George Eliot; a Critical Study of Her Life, Writings & Philosophy eBook

This eBook from the Gutenberg Project consists of approximately 576 pages of information about George Eliot; a Critical Study of Her Life, Writings & Philosophy.

George Eliot; a Critical Study of Her Life, Writings & Philosophy eBook

This eBook from the Gutenberg Project consists of approximately 576 pages of information about George Eliot; a Critical Study of Her Life, Writings & Philosophy.

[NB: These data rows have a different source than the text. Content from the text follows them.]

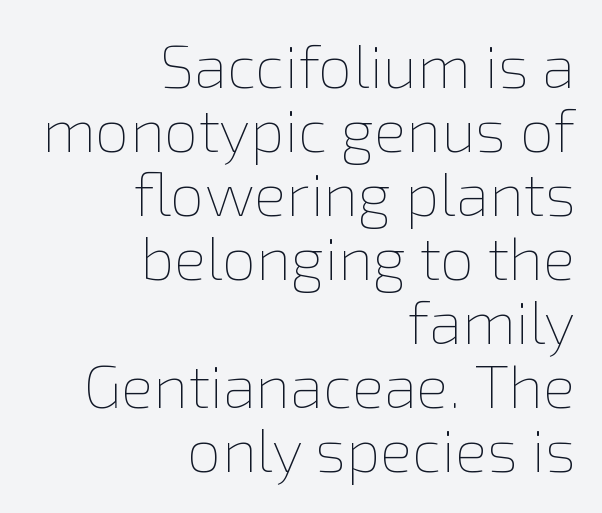
These lines were composed using upright roman letters. The typesetter chose a ragged-left arrangement here. A quiet, ordinary-to-light weight characterises the typeface. Characters follow at the spacing the type designer built in. The string is rendered with underlining switched off.
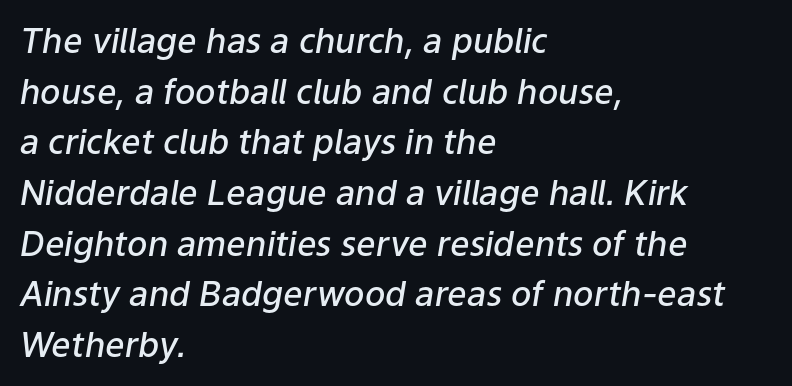
{"italic": "yes", "lean": "right", "slant_degrees": 9, "bold": "semi", "weight": "semibold", "width": "normal", "stroke_contrast": "low", "x_height": "medium", "monospaced": "no", "underline": "no", "align": "left", "line_spacing": "normal", "line_spacing_ratio": 1.49, "letter_spacing": "normal", "letter_spacing_em": 0.0, "glyph_px": 34}
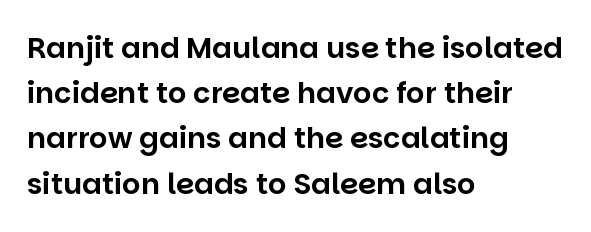
Here the designer chose a conventional face with non-uniform glyph widths. Each line starts at the same left margin while the right side varies. Decoration check: the copy has no underline. Baseline-to-baseline distance is the conventional proportion of letter height.
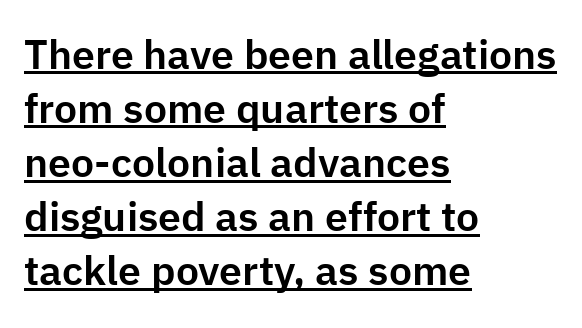
{"serif": "no", "italic": "no", "width": "normal", "stroke_contrast": "low", "x_height": "medium", "monospaced": "no", "underline": "yes", "align": "left", "line_spacing": "normal", "line_spacing_ratio": 1.32, "letter_spacing": "normal", "letter_spacing_em": 0.0, "glyph_px": 41}
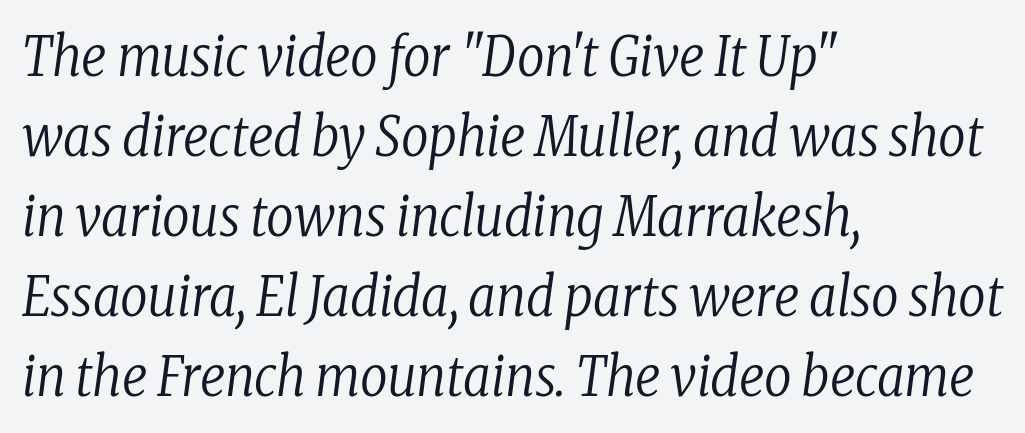
Q: Is the text bold? A: No.
Q: Is the text italic (slanted)? A: Yes, it leans right by about 8 degrees.
Q: Is the typeface a serif or a sans-serif typeface? A: Serif.
Q: Is the text underlined? A: No.
Q: How is the paragraph aligned? A: Left-aligned.
Q: Is the spacing between letters normal or unusually wide? A: Normal.
Q: Is the spacing between lines tight, normal or loose? A: Normal.
Q: Width (condensed, normal, or wide)? A: Condensed.
Q: Stroke contrast? A: Low.
Q: x-height? A: Medium.
Q: Monospaced? A: No.
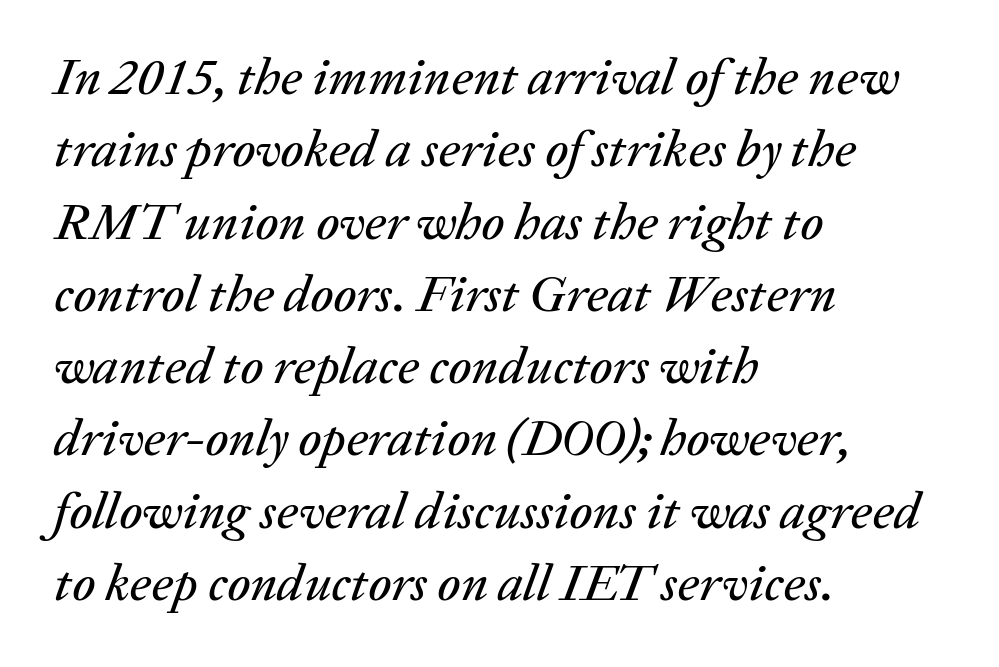
{"italic": "yes", "lean": "right", "slant_degrees": 20, "width": "normal", "stroke_contrast": "low", "x_height": "medium", "monospaced": "no", "underline": "no", "align": "left", "line_spacing": "normal", "line_spacing_ratio": 1.39, "letter_spacing": "normal", "letter_spacing_em": 0.0, "glyph_px": 52}

Feeling is to be preferred to logic, according to George Eliot, because it brings us the results of long-accumulating experiences, because it embodies the inherited experiences of the race.  She was an earnest believer in “far-reaching memories and stored residues of passion,” for she was convinced that the better part of all our knowledge is brought to us by inheritance.  The deeds of the individual make the habits of his life, they remain in memory, they guide the purposes of the will, and they give motives to action.  Deeds often repeated give impulse and direction to character, and these appear in the offspring as predispositions of body and mind.  In this way our deeds “throb in after-throbs” of our children; and in the same manner the deeds of a people live in the life of the race and become guiding motives in its future deeds.  As the deeds of a person develop into habits, so the deeds of a people develop into national tendencies and actions.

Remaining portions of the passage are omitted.